Recorded data
□ □ □ □ □ □ □
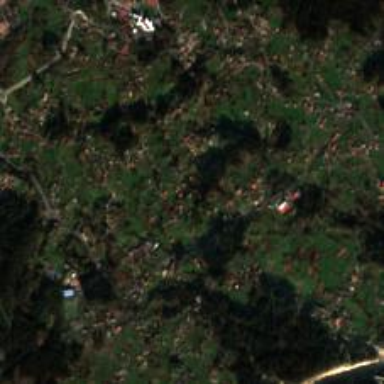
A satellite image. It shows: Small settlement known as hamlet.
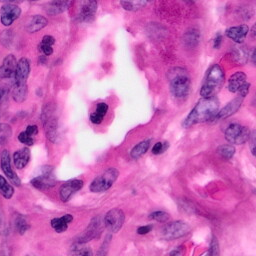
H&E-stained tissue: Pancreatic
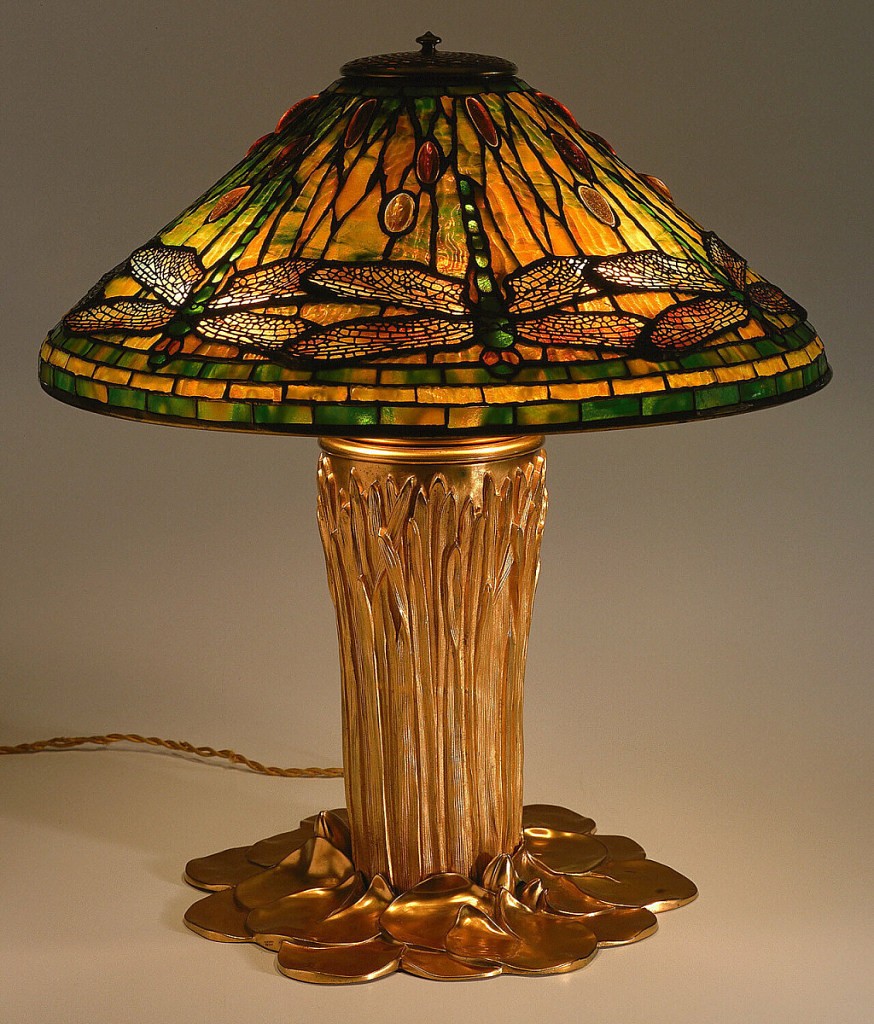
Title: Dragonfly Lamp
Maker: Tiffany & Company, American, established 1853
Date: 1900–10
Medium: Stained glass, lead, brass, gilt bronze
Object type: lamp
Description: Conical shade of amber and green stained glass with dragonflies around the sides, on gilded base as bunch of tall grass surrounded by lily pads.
□ □ □ □ □ □ □
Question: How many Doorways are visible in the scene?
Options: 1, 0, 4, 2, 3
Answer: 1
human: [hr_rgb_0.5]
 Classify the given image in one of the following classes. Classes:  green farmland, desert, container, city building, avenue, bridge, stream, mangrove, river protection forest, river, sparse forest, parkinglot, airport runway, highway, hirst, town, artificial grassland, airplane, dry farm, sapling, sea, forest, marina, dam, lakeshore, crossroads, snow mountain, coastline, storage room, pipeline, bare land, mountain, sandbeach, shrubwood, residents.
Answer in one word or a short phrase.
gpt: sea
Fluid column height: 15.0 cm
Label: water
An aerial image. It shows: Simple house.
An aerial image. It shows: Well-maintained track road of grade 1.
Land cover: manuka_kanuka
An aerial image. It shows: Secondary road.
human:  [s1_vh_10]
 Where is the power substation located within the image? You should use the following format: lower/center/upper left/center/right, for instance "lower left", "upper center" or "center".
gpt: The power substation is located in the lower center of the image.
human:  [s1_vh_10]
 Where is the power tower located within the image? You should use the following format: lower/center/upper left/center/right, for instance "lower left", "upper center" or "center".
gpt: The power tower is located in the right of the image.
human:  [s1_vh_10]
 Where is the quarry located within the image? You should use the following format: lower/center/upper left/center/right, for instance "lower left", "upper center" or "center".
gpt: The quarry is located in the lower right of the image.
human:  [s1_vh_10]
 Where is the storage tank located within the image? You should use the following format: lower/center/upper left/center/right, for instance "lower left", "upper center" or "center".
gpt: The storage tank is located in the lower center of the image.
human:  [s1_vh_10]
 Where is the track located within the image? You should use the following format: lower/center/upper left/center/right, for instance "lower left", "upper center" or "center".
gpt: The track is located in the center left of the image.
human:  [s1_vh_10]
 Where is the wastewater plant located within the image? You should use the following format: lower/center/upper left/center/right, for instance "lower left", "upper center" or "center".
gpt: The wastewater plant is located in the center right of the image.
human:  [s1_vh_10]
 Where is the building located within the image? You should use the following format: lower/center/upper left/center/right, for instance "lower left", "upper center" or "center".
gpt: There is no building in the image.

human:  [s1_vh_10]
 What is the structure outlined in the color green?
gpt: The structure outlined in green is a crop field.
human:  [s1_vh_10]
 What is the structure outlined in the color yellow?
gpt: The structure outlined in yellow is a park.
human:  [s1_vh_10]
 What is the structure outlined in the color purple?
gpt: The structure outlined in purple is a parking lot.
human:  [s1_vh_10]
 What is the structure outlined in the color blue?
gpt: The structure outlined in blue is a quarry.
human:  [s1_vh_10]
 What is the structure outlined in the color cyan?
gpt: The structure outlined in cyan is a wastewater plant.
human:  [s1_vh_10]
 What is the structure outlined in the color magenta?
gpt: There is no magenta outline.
□ □ □ □ □ □ □
__Work item__
Return only the lines between the one holding "What is the structure outlined in the color cyan?" and the one holding "gpt: There is no magenta outline.", inclusive, exactly as they appear above.

__Solved exercise__
 What is the structure outlined in the color cyan?
gpt: The structure outlined in cyan is a wastewater plant.
human:  [s1_vh_10]
 What is the structure outlined in the color magenta?
gpt: There is no magenta outline.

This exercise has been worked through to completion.